The move has been welcomed by Screen Producers Ireland, who said it could raise €23 million in additional funding for Irish productions.
Dáil committee calls for levy on streaming platforms to fund Irish content

James Ward, PA

A levy on streaming services such as Netflix and Amazon Prime should be introduced to fund independent Irish productions, a Dáil committee has recommended.

The move has been welcomed by Screen Producers Ireland, who say it could a raise a minimum of €23 million in additional funding for the creation of original Irish content.

The report by the Oireachtas Committe on Media also recommends the creation of an Online Safety Commissioner post, with powers to police and regulate harmful content on social media platforms.

 

Committee chair, Fianna Fáil TD Niamh Smyth, said the new legislation would “place Ireland among the first countries in the world to provide systemic regulation of online platforms”.

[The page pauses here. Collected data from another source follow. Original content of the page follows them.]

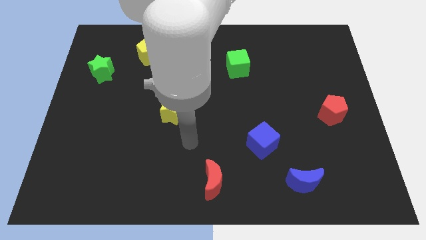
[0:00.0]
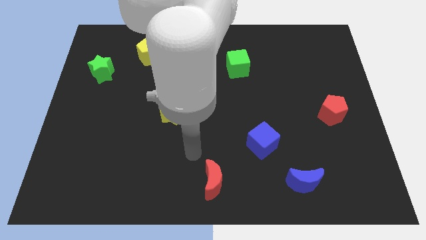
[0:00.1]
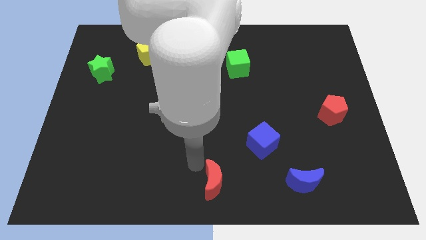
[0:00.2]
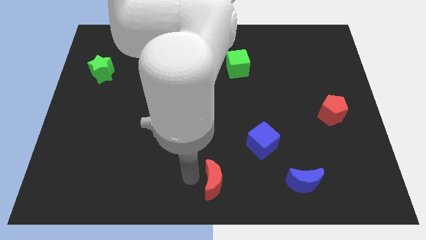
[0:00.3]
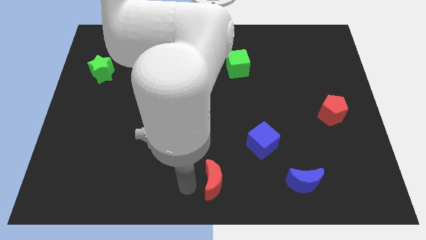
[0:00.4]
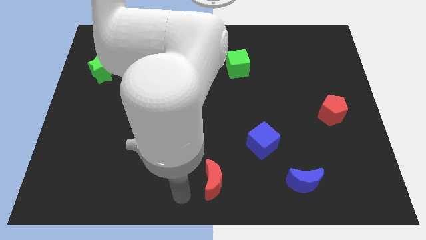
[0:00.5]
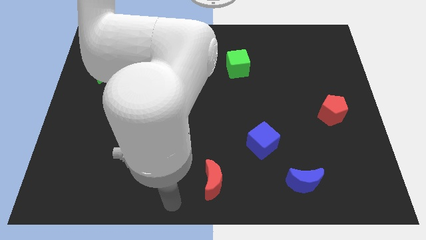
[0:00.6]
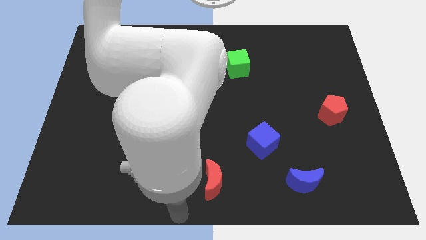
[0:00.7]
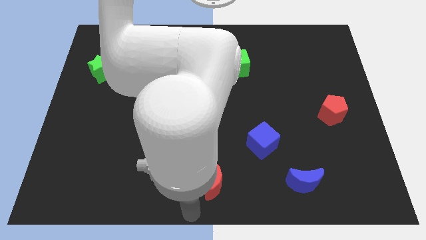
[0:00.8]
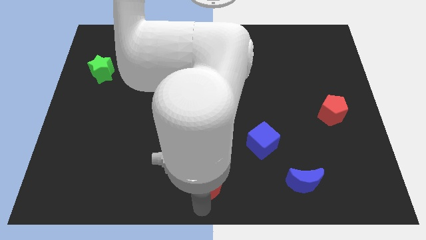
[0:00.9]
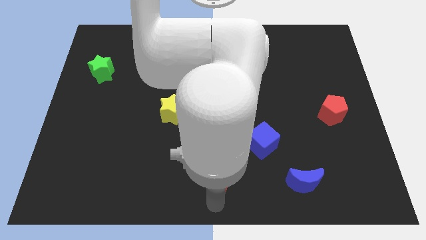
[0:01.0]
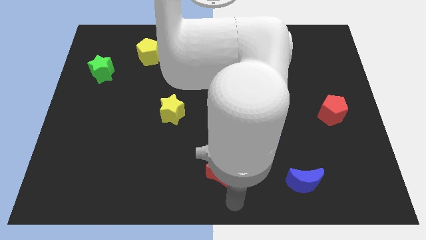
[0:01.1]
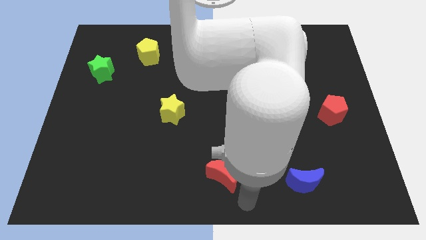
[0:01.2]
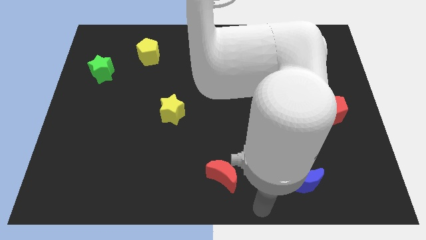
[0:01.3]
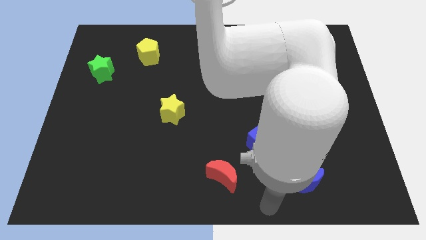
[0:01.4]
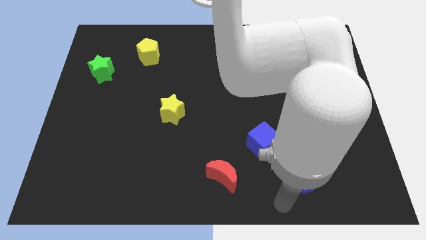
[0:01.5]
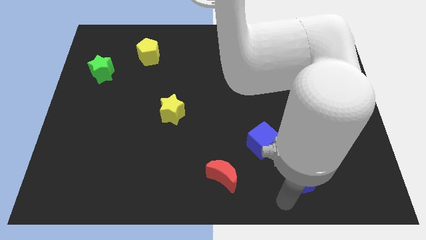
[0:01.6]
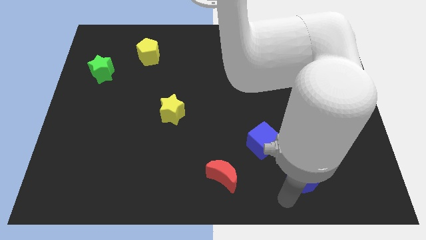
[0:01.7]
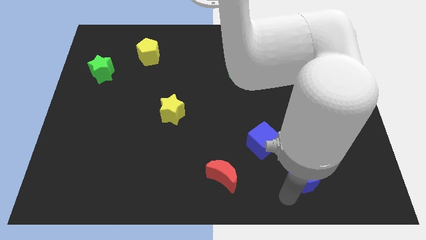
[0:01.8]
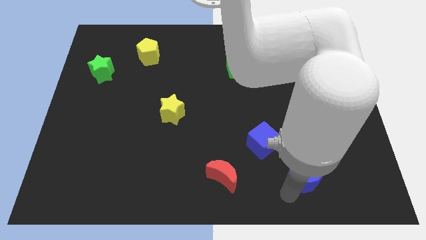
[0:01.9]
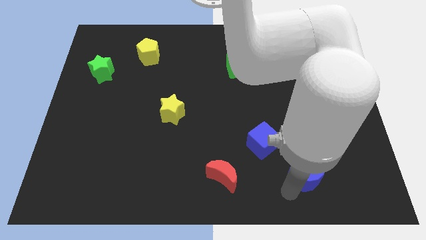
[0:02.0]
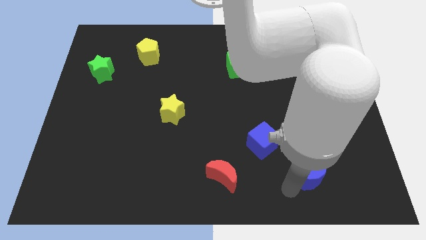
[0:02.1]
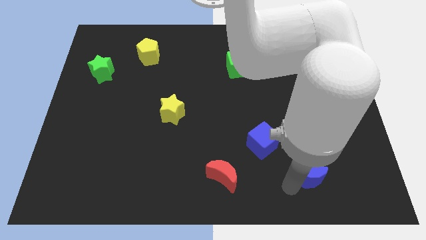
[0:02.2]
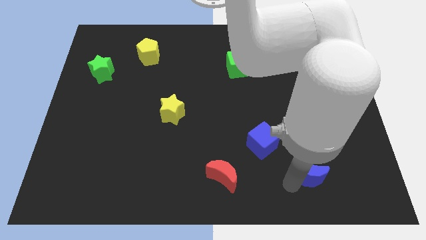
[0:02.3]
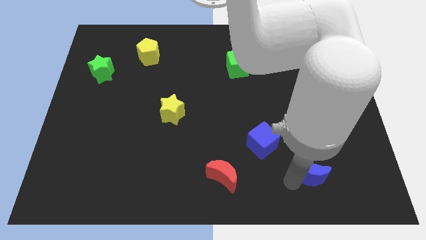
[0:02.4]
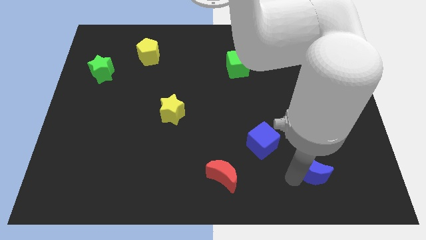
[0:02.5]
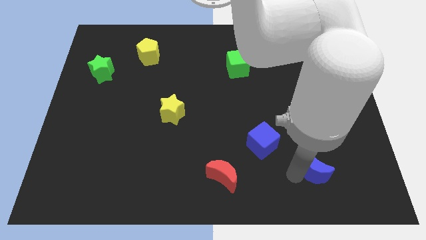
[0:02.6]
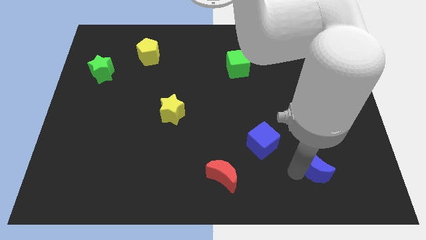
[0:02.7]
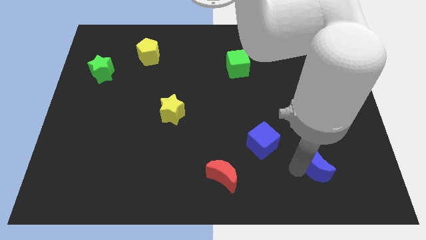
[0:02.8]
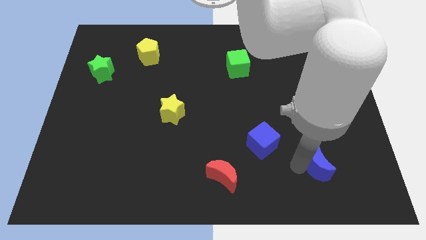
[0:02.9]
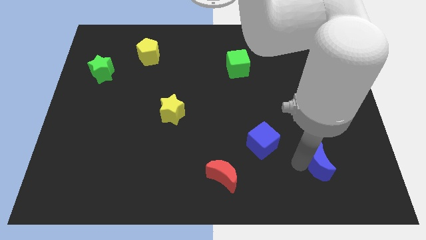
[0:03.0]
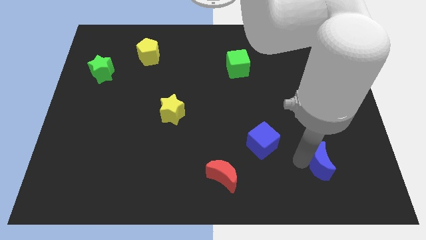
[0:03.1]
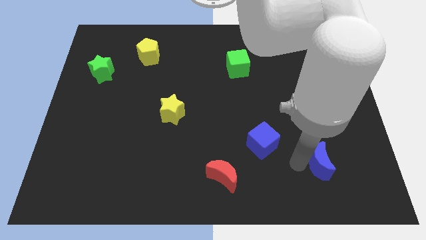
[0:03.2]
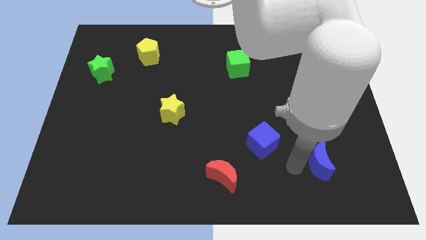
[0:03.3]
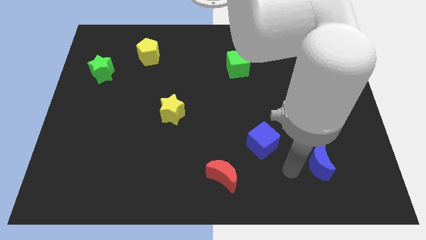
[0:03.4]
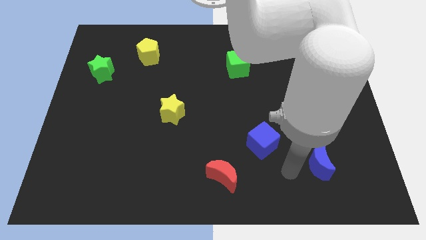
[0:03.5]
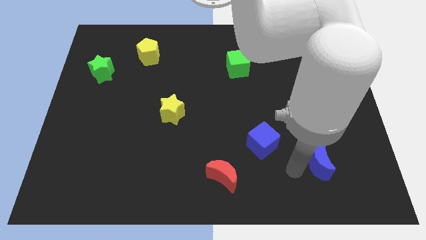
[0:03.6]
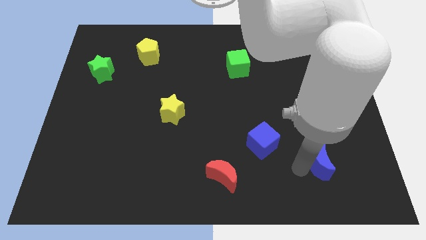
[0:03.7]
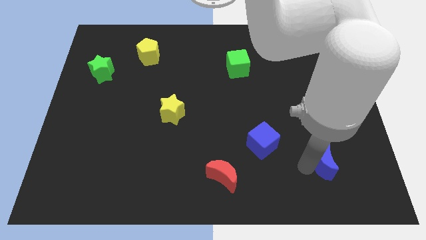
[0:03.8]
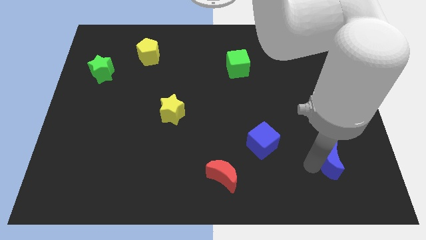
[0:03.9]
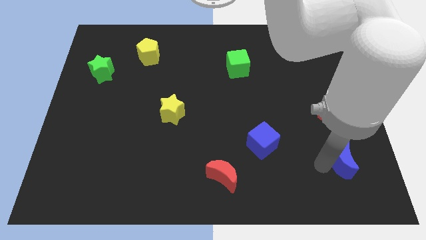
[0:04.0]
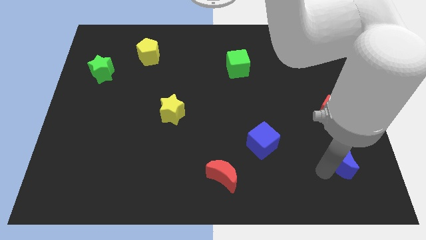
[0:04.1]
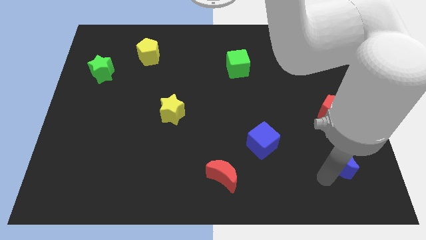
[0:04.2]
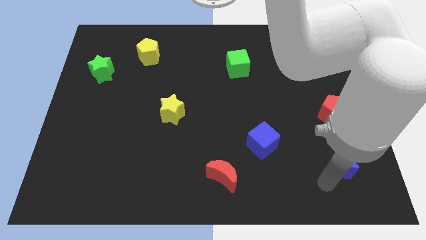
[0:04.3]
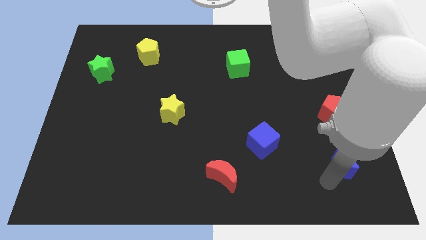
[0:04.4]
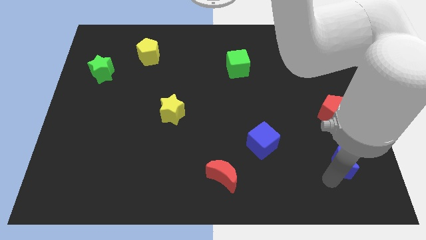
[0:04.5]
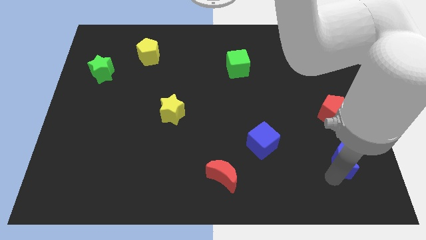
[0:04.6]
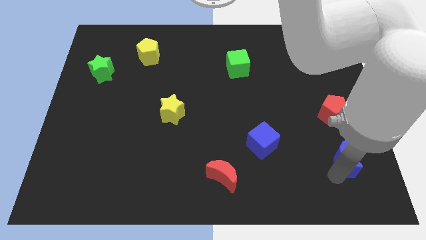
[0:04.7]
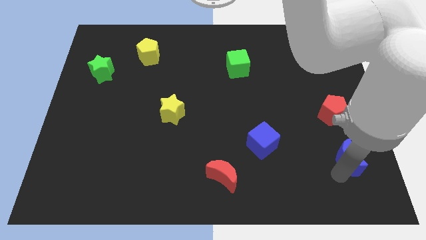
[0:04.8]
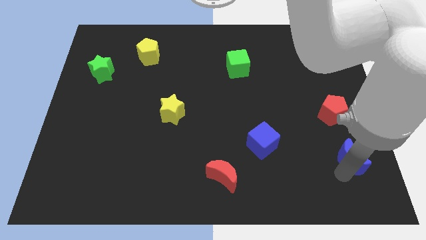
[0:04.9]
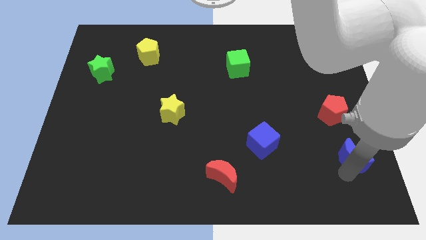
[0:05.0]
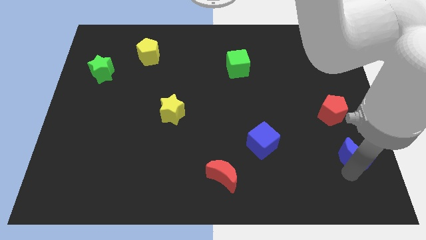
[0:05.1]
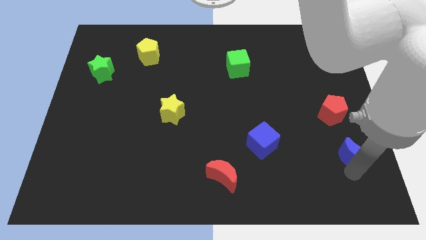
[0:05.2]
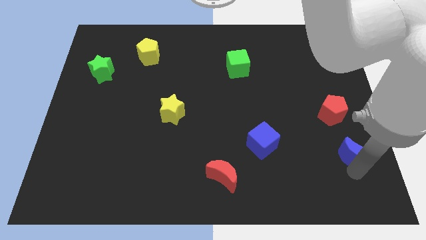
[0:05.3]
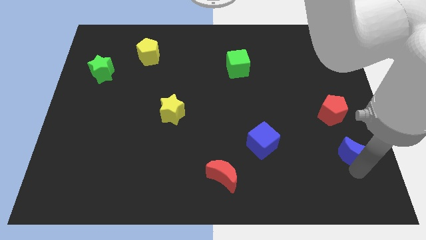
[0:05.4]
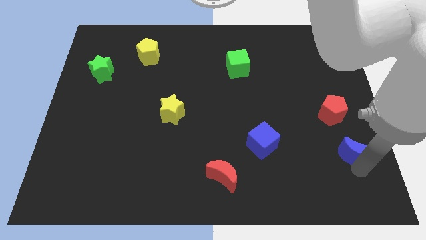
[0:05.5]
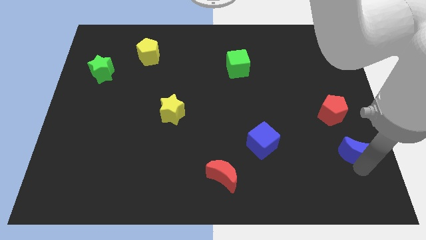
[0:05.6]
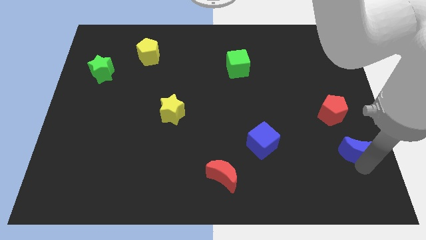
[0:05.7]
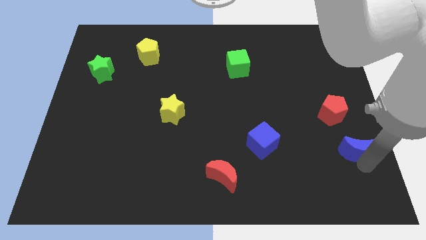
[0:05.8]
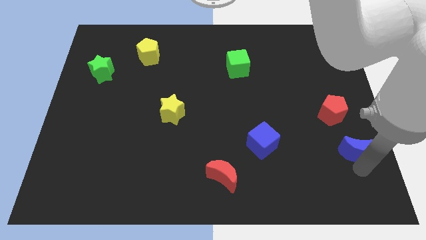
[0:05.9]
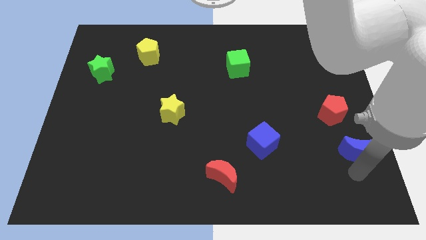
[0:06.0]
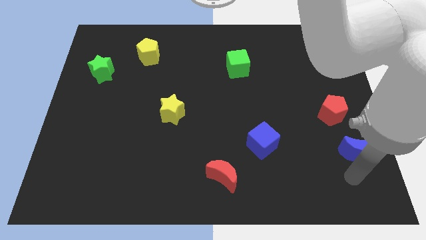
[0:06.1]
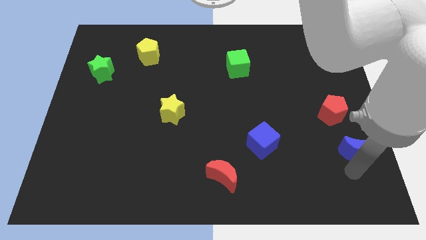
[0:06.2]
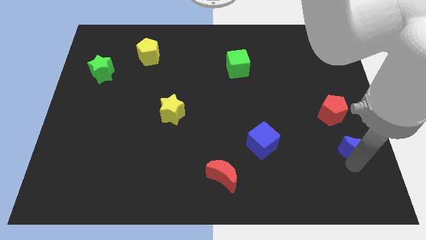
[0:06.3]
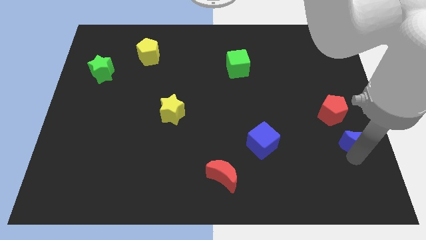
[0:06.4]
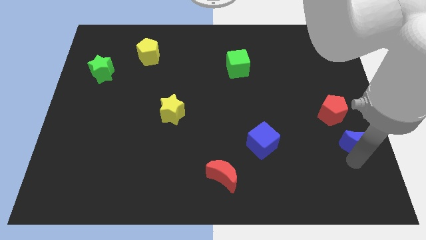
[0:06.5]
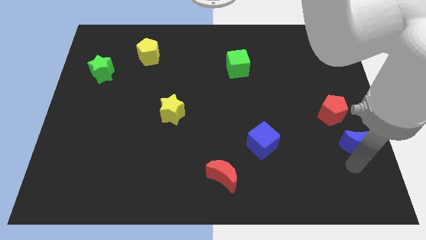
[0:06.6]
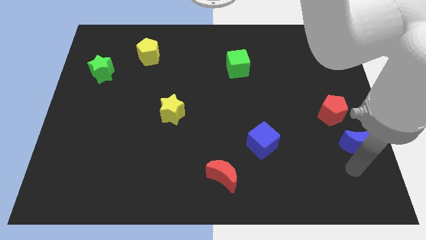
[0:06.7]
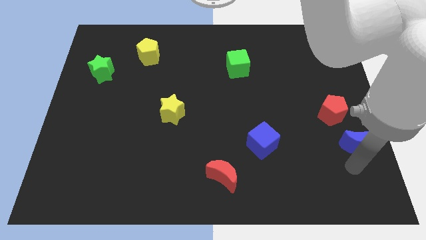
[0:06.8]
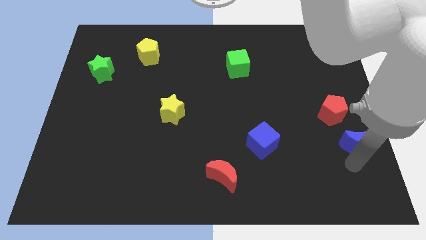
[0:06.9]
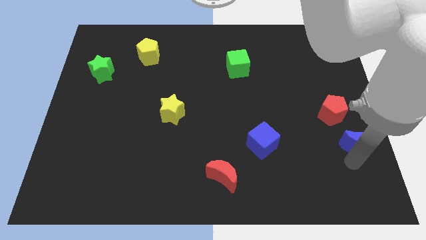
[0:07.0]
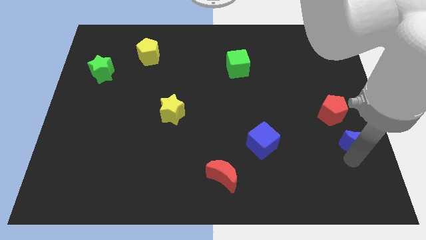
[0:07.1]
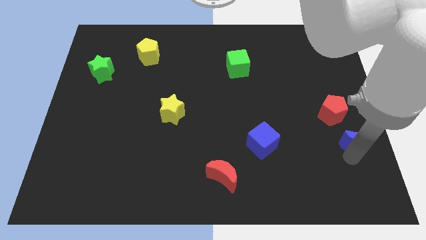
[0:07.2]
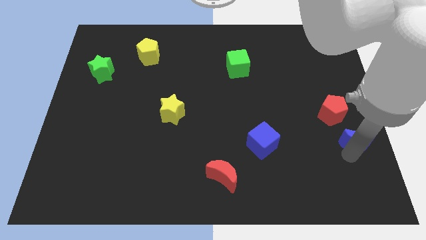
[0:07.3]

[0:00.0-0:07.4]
move the blue moon to the center right

Screen Producers Ireland CEO Susan Kirby said: “The Oireachtas Media Committee has shown strong, cross-party support today for the Irish independent production sector by not only recommending a new content levy on online media services, but also clearly stating that it should only be accessed by the Irish independent production sector.

“This levy, which would be no extra cost to the exchequer, has been identified by (economic consultants) Indecon that it could raise a minimum of €23 million in additional funding for the creation of original Irish content.

“We are grateful to the Committee for taking our concerns into consideration ahead of the development of this report and look forward to further engagement with them over the coming months as the legislation to introduce the levy, along other measures, is debated in the Oireachtas.

“SPI’s focus now is the introduction of the content levy without delay so that new funding possibilities for Irish producers to create original Irish content for Irish, and international audiences, happen.”

The committee has recommended the measure not be introduced until its viability can be researched and reviewed by the Media Commission.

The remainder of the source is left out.